Мария. Вы с ума сошли! Что вы опять придумали?

Ансельм (немного помолчав, другим тоном). Разумеется, вы поняли мое предложение превратно, так я и думал.

Mapия. Я даже не пытаюсь понять. Я осталась, потому что хочу здесь прибрать. Если желаете сказать еще что-то, извольте; полагаю, у вас нет намерения обидеть меня.

Ансельм. Не знаю, обидит ли вас, если я скажу, что люблю Томаса больше, чем вы. Ведь мы с ним очень похожи. Теперешний его срыв - всего-навсего подражание мне. А моя враждебность, пожалуй, идет от страха за себя. Но вы-то бесполезно страдаете от него и сами себе в этом не признаетесь.

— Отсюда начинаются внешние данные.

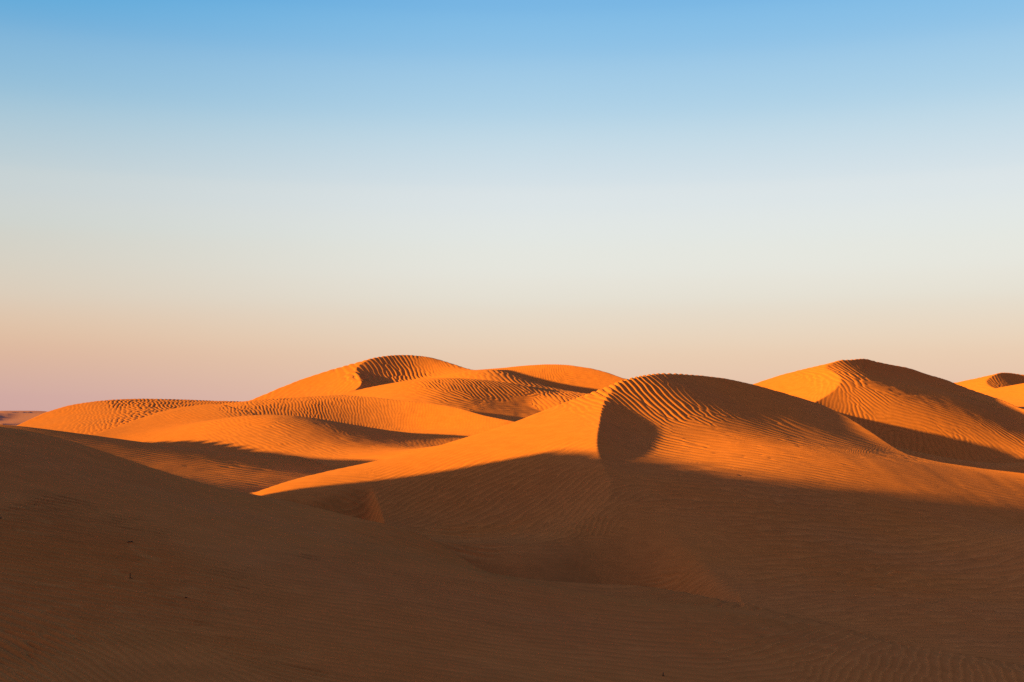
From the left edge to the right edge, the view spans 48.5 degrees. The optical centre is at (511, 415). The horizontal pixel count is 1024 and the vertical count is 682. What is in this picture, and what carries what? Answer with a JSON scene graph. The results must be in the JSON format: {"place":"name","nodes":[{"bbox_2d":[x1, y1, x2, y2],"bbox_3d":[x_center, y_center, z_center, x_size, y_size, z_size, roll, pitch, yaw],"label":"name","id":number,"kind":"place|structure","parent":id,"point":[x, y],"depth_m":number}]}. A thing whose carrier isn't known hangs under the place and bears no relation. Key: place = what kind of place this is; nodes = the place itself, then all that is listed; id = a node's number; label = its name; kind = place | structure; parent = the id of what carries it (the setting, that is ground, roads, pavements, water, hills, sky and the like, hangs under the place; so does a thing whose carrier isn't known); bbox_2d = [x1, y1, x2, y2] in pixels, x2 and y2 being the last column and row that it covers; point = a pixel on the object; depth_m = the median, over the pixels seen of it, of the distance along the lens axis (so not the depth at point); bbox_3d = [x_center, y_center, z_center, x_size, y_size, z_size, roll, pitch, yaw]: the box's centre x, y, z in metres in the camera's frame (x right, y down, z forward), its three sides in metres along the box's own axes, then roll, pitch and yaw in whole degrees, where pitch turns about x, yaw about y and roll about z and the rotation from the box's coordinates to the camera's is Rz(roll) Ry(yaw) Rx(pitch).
{"place":"outdoors","nodes":[
{"label":"outdoors","id":0,"kind":"place"},
{"bbox_2d":[0,411,48,425],"bbox_3d":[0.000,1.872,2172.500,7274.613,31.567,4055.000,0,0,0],"label":"hills","id":1,"kind":"structure","parent":0,"point":[15,418],"depth_m":688.97},
{"bbox_2d":[17,399,240,434],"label":"sand dune","id":2,"kind":"structure","parent":0,"point":[91,418],"depth_m":123.55},
{"bbox_2d":[0,424,363,519],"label":"sand dune","id":3,"kind":"structure","parent":0,"point":[249,473],"depth_m":54.23},
{"bbox_2d":[92,404,471,468],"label":"sand dune","id":4,"kind":"structure","parent":0,"point":[335,445],"depth_m":82.94},
{"bbox_2d":[219,395,513,434],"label":"sand dune","id":5,"kind":"structure","parent":0,"point":[382,413],"depth_m":106.76},
{"bbox_2d":[249,355,585,410],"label":"sand dune","id":6,"kind":"structure","parent":0,"point":[372,372],"depth_m":152.33},
{"bbox_2d":[340,378,550,421],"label":"sand dune","id":7,"kind":"structure","parent":0,"point":[503,400],"depth_m":128.65},
{"bbox_2d":[0,427,1023,681],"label":"sand dune","id":8,"kind":"structure","parent":0,"point":[278,591],"depth_m":15.22},
{"bbox_2d":[0,0,1023,411],"label":"sky","id":9,"kind":"structure","parent":0,"point":[212,200]},
{"bbox_2d":[482,364,624,393],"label":"sand dune","id":10,"kind":"structure","parent":0,"point":[577,379],"depth_m":178.93},
{"bbox_2d":[251,373,1023,664],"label":"sand dune","id":11,"kind":"structure","parent":0,"point":[743,493],"depth_m":43.08},
{"bbox_2d":[753,359,1023,472],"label":"sand dune","id":12,"kind":"structure","parent":0,"point":[909,411],"depth_m":102.31},
{"bbox_2d":[955,373,1023,391],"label":"sand dune","id":13,"kind":"structure","parent":0,"point":[989,382],"depth_m":183.76},
{"bbox_2d":[979,383,1023,408],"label":"sand dune","id":14,"kind":"structure","parent":0,"point":[1013,395],"depth_m":161.22}
]}

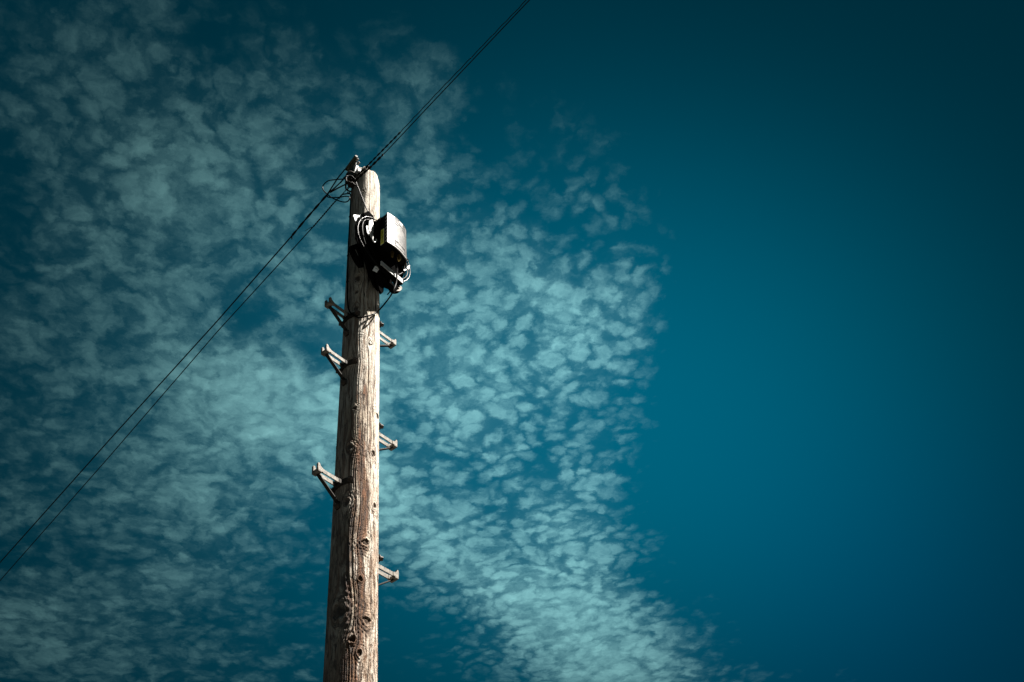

Мария. Страдает он! Это сильный человек, который всегда добивался, чего желал, утратил уверенность в себе.

Ансельм (ревниво). Томас все умеет, но только не страдать!

Мария. Ужасно, когда видишь все это, а помочь ничем не можешь.

Ансельм. Вы-то могли бы.

Мария. Я? Ах, Ансельм, тут зоркость вас подводит! Я ничегошеньки не понимаю в этих нечеловеческих идеях.

Ансельм. Есть одно средство.

Мария. Ну так говорите скорее.

Ансельм. Я уже сказал.

Мария (помолчав). Но это же мечтания, прожектерство.

Пауза.

Ансельм. По-вашему, я оспариваю превосходство Томаса, чувствую себя рядом с ним умственно ущербным?

Мария. Говорят, вам пришлось уйти из университета, из-за стычек?

Ансельм. Я сделался невыносим. Мне бы жить в эпоху инквизиции! Если какой-то человек придерживается иного мнения, я вижу звериный оскал каменного идола. Кто понимает, разглядит за ним бесстыдную решимость утопающих, которые дерутся из-за места в лодке.

Мария. Но люди ведь не могут не иметь разных мнений!

Ансельм. Наверно, у меня просто не хватает терпения. Ах, Мария, нам обоим не хватает на него терпения. Мне необходимо чувствовать, что для кого-то я - самое главное, решающее. А не то я чувствую себя отверженным. Томас способен обходиться без людей, но согласитесь, это же чудовищно!

Мария. Тут вы, пожалуй, отчасти правы; в Томасе есть что-то нечеловеческое, я ему сто раз говорила.